Mar 07, 2022 3:18 pm

Undifferentiated arthritis (UA) is common in medical practice and many advocate early use of DMARDs; yet a recent study shows that despite DMARD use, UA patients do not fair well with this approach.

While there are criteria for UA, it is largely a diagnosis of exclusion. Moreover, there are few well controlled trials on DMARD efficacy in UA are absent.

For this study UA was defined, as clinical arthritis (joint swelling at physical examination), not fulfilling the 1987, nor 2010, RA-criteria. Patient from the  Leiden Early Arthritis Clinic (EAC) were enrolled during 5 inclusion periods: 1993–1997, 1998–2005, 2006–2010, 2011–2014 and 2015–2019. DMARD use was correlated with clinical variables and outcomes. 
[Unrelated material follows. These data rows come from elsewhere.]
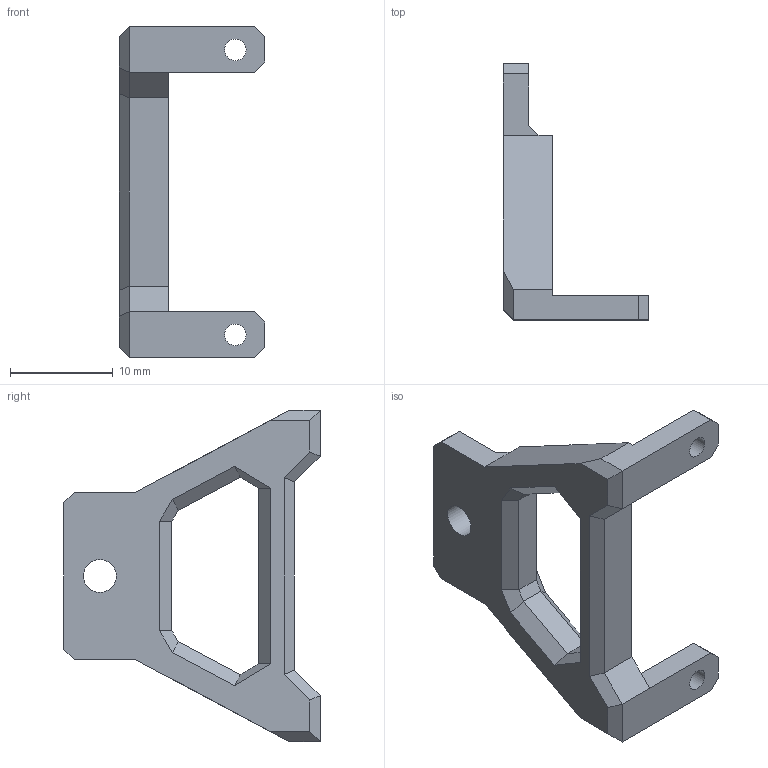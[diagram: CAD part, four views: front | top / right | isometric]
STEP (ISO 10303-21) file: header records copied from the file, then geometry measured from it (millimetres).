
FILE_DESCRIPTION(/* description */ ('STEP AP214'),/* implementation_level */ '2;1');
FILE_NAME(/* name */ '60454e0b85bdcf1887485004',/* time_stamp */ '2021-03-07T22:05:00+00:00',/* author */ (''),/* organization */ (''),/* preprocessor_version */ 'ST-DEVELOPER v18.1',/* originating_system */ ' ',/* authorisation */ ' ');
FILE_SCHEMA (('AUTOMOTIVE_DESIGN {1 0 10303 214 3 1 1}'));
Length unit declared in the file: metre
Products named in the file (1): servo_mount
Bounding box: 14.2 x 24.94 x 32.3 mm (x, y, z)
Volume: 1663.5 mm3; surface area: 1645.5 mm2
Topology: 1 solids, 1 shells, 63 faces, 160 edges, 99 vertices
Faces by surface type: plane 60, cylinder 3
Full cylindrical faces by diameter (mm): 2.1 x2, 3.2 x1
Entity records: 1840 total; most frequent: CARTESIAN_POINT 314, ORIENTED_EDGE 308, DIRECTION 288, EDGE_CURVE 154, LINE 148, VECTOR 148, VERTEX_POINT 96, EDGE_LOOP 74

This study included 1132 UA patients, that was autoantibody negative, with a median swollen joint count of 2, tender joint count of 3 and HAQ score of 0.6; this profile did not change with time.

From 1993–1997 to 2015–2019, DMARD use increased from 17% to 52%, with methotrexate being more commonly used. With time, the DAS28-CRP improved from 2011 onwards (−0.18 to −0.25 DAS units; P < 0.05), but disability scores did not significantly improve and disease free status at 10 years remained stable at 58%, 57% and 61% for 1993–1997, 1998–2005 and 2006–2010, respectively (P = 0.77).

Also the percentage of UA evolving into RA did not decrease with treatment and era (14%, 21%, 26%, 18% and 27%, respectively).

Increased DMARD use in this large UA cohort had modest effects on disease activity scores, no no effect on physical functioning and long-term outcomes.  One could argue that this approach to overtreatng contemporary UA without substantial benefit calls for better stratification methods and more tailored approaches to UA patients.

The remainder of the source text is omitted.